Uptodai.com - Fenomena luar biasa terjadi di pasar otomotif nasional, khususnya pada segmen kendaraan performa tinggi dan elektrifikasi. Penjualan Mobil Sport Hybrid Honda Prelude mencatatkan rekor fantastis setelah 100 unit alokasi untuk pasar Indonesia pada tahun 2026 habis terpesan hanya dalam kurun waktu tiga hari sejak keran pemesanan resmi dibuka.

PT Honda Prospect Motor (HPM) mengonfirmasi bahwa antusiasme konsumen terhadap model legendaris yang dibangkitkan kembali ini sangat tinggi. Respons cepat dari pasar menunjukkan bahwa strategi elektrifikasi Honda yang tetap mengedepankan karakter berkendara yang sporty dan dinamis diterima sangat baik oleh konsumen premium Indonesia.

Antusiasme Pasar: Kuota 100 Unit Habis dalam 72 Jam

Direktur Penjualan dan Purnajual HPM, Yusak Billy, menjelaskan bahwa pemesanan resmi untuk model Prelude Sport Hybrid ini dimulai pada 23 Januari 2026. Alokasi tahap pertama yang disiapkan sebanyak 40 unit langsung ludes terpesan dalam waktu kurang dari 24 jam.

Melihat permintaan yang melonjak drastis, Honda kemudian mengambil langkah cepat dengan menambah kuota sebanyak 60 unit sebagai gelombang kedua pengiriman untuk tahun 2026. Namun, unit tambahan ini kembali terserap sepenuhnya oleh konsumen pada 26 Januari 2026.

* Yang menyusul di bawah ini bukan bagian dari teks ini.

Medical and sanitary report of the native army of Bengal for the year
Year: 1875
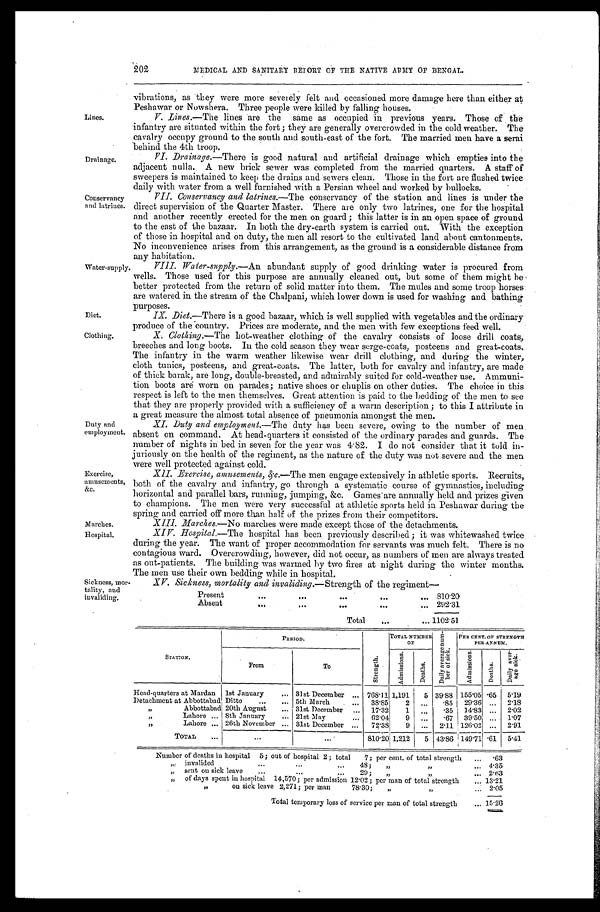
Marches.
Hospital.
Lines.
Drainage.
Conservancy
and latrines.
Water-supply
Diet.
Clothing.
Duty and
employment,
Exercise,
amusements,
&c.
202
MEDICAL AND SANITARY REPORT OF THE NATIVE ARMY OF BENGAL.
vibrations, as they were more severely felt and occasioned more damage here than either at
Peshawar or Nowshera. Three people were killed by falling houses.
V. Lines.—The lines are the same as occupied in previous years. Those of the
infantry are situated within the fort; they are generally overcrowded in the cold weather. The
cavalry occupy ground to the south and south-east of the fort. The married men have a serai
behind the 4th troop.
VI. Drainage.—There is good natural and artificial drainage which empties into the
adjacent nulla. A new brick sewer was completed from the married quarters. A staff of
sweepers is maintained to keep the drains and sewers clean. Those in the fort are flushed twice
daily with water from a well furnished with a Persian wheel and worked by bullo
c k s .
VII. Conservancy and latrines. —The conservancy of the station and lines is under the
direct supervision of the Quarter Master. There are only two latrines, one for the hospital
and another recently erected for the men on guard; this latter is in an open space of ground
to the east of the bazaar. In both the dry-earth system is carried out. With the exception
of those in hospital and on duty, the men all resort to the cultivated land about cantonments.
No inconvenience arises from this arrangement, as the ground is a considerable distance from
any habitation.
VIII. Water-suply. —An abundant supply of good drinking water is procured from
wells. Those used for this purpose are annually cleaned out, but some of them might be
better protected from the return of solid matter into them. The mules and some troop horses
are watered in the stream of the Chalpani, which lower down is used for washing and bathing
purposes.
IX. Diet.—There is a good bazaar, which is well supplied with vegetables and the ordinary
produce of the country. Prices are moderate, and the men with few exceptions feed well.
X. Clothing. —There hot-weather clothing of the cavalry consists or loose drill coats,
breeches and long boots. In the cold season they wear serge-coats, posteens and great-coats.
The infantry in the warm weather likewise wear drill clothing, and during the winter,
cloth tunics, posteens, and great-coats. The latter, both for cavalry and infantry, are made
of thick barak, are long, double-breasted, and admirably suited for cold-weather use. Ammuni-
tion boots are worn on parades; native shoes or chuplis on other duties. The choice in this
respect is left to the men themselves. Great attention is paid to the bedding of the men to see
that they are properly provided with a sufficiency of a warm description; to this I attribute in
a great measure the almost total absence of pneumonia amongst the men.
X I . D u t y a n d e m p l o y m e n t .—
T h e
d u t y h a s b e e n s e v e r e , o w i n g t o t h e n u m b e r o f m e n
absent on command. At head-quarters it consisted of the ordinary parades and guards. The
number of nights in bed in seven for the year was 4.82. I do not consider that it told in-
juriously on the health of the regiment, as the nature of the duty was not severe and the men
were well protected against cold.
XII. Exercise, amusements, &c.—The men engage extensively in athletic sports. Recruits,
both of the cavalry and infantry, go through a systematic course of gymnastics, including
horizontal and parallel bars, running, jumping, &c. Games are annually held and prizes given
to champions. The men were very successful at athletic sports held in Peshawar during the
spring and carried off more than half of the prizes from their competitors.
Sickness, mor-
tality, and
invaliding.
XIV. Marches.—No marches were made except those of the detachments.
X I V . H o s p i t a l .
— T h e
h o s p i t a l h a s b e e n p r e v i o u s l y d e s c r i b e d ; i t w a s w h i t e w a s h e d t w i c e
during the year. The want of proper accommodation for servants was much felt. There is no
contagious ward. Overcrowding, however, did not occur, as numbers of men are always treated
as out-patients. The building was warmed by two fires at night during the winter months.
The men use their own bedding while in hospital.
XV. Sickness, mortality and invaliding.—Strength of the regiment—
Present
810.20
Absent
2 9 2 . 3 1
Total
1102.51
STATION.
PERIOD.
S t r e n g t h .
TOTAL NUMBER
OF
D a i l y a v e r a g e n u m - b e r o f s i c k . PER CENT. OF STRENGTH
PER ANNUM.
From
To
A d m i s s i o n s .
D e a t h s .
A d m i s s i o n s .
D e a t h s .
D a i l y a v e r - a g e s i c k .
Head-quarters at Mardan 1st January
31st December
768.11 1,191 5 39.88 155.05 .65 5.19
Detachment at Abbottabad Ditto
5th March
3 8 . 8 5 2
. . .
. 8 5 29.36 ... 2.18
" Abbottabad 20th August
31st December
17.32
1
. . . .35 14.83 ... 2.02
" Lahore
8th January
21st May
62.04
9
. . . .67 39.50 .., 1.07
" Lahore
26th November
31st December
72.38 9 ... 2.11 126.02 ... 2.91
TOTAL
. . .
. . .
810.20 1,212 5 43.86 149.71 . 61 5.41
Number of deaths in hospital 5; out of hospital 2; total 7; per cent. of total strength
.63
" invalided 48; " "
4.35
„" sent ou sick leave 29;" ".. 2.63
" of days spent in hospital 14,570; per admission 12.02; per man of total strength
13.21
" on sick leave 2,271; per man. 78.30; " "
2.05
Total temporary loss of service per man of total strength
1 5 . 2 6

Dengan demikian, total 100 unit kuota Honda Prelude yang dialokasikan untuk pengiriman sepanjang tahun 2026 telah habis dalam tiga hari. Konsumen yang terlambat melakukan pemesanan kini harus menunggu pembukaan kuota pengiriman tahap berikutnya yang direncanakan baru akan dibuka pada tahun 2027.

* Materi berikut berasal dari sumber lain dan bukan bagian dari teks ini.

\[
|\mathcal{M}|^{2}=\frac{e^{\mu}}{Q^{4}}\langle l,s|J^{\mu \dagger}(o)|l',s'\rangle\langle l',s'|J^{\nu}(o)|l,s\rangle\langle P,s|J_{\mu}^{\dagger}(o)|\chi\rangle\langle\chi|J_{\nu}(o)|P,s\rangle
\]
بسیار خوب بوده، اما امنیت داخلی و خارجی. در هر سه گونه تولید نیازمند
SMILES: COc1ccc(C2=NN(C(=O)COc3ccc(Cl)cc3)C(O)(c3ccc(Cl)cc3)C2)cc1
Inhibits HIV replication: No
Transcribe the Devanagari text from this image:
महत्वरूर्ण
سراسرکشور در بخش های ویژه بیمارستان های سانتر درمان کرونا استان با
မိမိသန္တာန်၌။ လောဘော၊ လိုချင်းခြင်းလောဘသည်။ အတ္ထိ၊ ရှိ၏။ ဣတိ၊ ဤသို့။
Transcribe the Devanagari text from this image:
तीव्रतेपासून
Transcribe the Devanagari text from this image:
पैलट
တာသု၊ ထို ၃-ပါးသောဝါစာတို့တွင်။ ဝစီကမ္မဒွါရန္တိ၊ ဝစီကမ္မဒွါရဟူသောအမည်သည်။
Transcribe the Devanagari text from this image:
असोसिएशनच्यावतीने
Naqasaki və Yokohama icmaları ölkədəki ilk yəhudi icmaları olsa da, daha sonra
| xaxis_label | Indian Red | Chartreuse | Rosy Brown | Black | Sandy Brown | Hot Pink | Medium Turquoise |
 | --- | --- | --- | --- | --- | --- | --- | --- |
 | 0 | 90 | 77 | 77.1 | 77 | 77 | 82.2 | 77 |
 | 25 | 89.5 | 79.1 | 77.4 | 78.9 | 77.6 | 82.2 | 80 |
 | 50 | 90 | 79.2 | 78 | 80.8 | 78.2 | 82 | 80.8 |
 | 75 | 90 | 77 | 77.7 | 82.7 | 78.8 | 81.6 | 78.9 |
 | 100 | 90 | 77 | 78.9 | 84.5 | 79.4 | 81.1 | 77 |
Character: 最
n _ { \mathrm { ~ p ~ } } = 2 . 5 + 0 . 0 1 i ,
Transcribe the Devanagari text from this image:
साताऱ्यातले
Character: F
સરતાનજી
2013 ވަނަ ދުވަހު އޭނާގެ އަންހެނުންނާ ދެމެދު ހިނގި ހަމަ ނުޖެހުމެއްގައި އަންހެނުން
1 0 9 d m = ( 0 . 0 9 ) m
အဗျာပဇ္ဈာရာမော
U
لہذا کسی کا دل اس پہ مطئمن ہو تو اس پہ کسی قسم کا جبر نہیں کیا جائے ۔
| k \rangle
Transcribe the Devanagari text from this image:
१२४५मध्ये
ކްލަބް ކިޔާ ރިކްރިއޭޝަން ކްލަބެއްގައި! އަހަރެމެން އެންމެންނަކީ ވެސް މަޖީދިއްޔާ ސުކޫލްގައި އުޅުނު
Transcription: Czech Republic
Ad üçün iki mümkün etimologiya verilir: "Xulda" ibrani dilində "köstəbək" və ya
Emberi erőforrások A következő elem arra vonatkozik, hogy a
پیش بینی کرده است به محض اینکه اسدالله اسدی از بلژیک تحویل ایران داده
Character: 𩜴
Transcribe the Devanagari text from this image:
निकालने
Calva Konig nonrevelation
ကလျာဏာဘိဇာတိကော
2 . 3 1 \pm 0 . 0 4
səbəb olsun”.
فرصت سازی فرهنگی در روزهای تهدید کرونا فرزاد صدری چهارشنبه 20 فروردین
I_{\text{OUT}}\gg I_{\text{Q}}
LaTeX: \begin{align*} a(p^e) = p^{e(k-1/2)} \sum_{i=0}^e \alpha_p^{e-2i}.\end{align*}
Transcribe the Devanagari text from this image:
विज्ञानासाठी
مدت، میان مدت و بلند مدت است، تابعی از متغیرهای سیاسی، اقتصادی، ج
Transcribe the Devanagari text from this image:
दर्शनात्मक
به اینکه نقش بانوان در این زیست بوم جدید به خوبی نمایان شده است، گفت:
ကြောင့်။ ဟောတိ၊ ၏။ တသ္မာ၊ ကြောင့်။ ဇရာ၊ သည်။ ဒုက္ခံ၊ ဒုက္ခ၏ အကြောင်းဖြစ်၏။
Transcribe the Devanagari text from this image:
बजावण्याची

“Prelude diterima dengan sangat baik oleh konsumen yang memang memahami kualitas produk dan nilai pengalaman berkendara khas Honda,” ujar Billy. Ia menambahkan, pencapaian ini sejalan dengan arah pengembangan elektrifikasi Honda yang berfokus pada mempertahankan karakter berkendara khas pabrikan Jepang tersebut.

Mengapa Mobil Sport Hybrid Honda Prelude Begitu Laris?

Keberhasilan Prelude di pasar domestik maupun global tidak lepas dari konsep yang diusungnya. Honda mengembangkan Prelude sebagai model sport berteknologi hybrid yang menjadi bagian penting dari penguatan strategi elektrifikasi mereka, namun tanpa sedikit pun meninggalkan DNA performa yang telah melekat sejak generasi pertamanya.

Mengusung kembali nama legendaris Prelude, mobil ini dirancang untuk menghadirkan keseimbangan yang optimal. Pengemudi dapat menikmati performa bertenaga, efisiensi bahan bakar dari sistem hybrid, sekaligus kenyamanan untuk penggunaan sehari-hari di beragam kondisi jalan.

Teknologi S+ Shift dan Platform Turunan Civic Type R

Secara spesifikasi teknis, Prelude dibekali mesin bensin 2.0 liter empat silinder segaris yang bekerja sinergis dengan sistem hybrid canggih Honda. Salah satu fitur yang menjadi sorotan adalah teknologi Honda S+ Shift.

Fitur S+ Shift dirancang khusus untuk mempertahankan karakter berkendara yang sporty meskipun menggunakan sistem hybrid. Teknologi ini mengatur respons kendaraan, termasuk simulasi perpindahan gigi, serta penyesuaian karakter sesuai mode berkendara yang dipilih, memberikan pengalaman yang imersif bagi pengemudi.

Selain itu, fondasi pengendalian Prelude sangat kokoh karena dikembangkan menggunakan platform turunan dari Civic Type R. Platform ini menjadi dasar pengendalian yang superior, namun telah disetel ulang agar lebih seimbang dan nyaman untuk digunakan dalam penggunaan harian, tidak hanya di sirkuit.

Antusiasme yang sama terhadap Honda Prelude juga terlihat di pasar global. Saat diperkenalkan di Jepang, model ini membukukan sekitar 2.400 pemesanan hanya dalam satu bulan sejak peluncuran. Angka tersebut mencerminkan permintaan yang hampir delapan kali lipat dari target penjualan bulanan Honda di sana yang hanya dipatok 300 unit.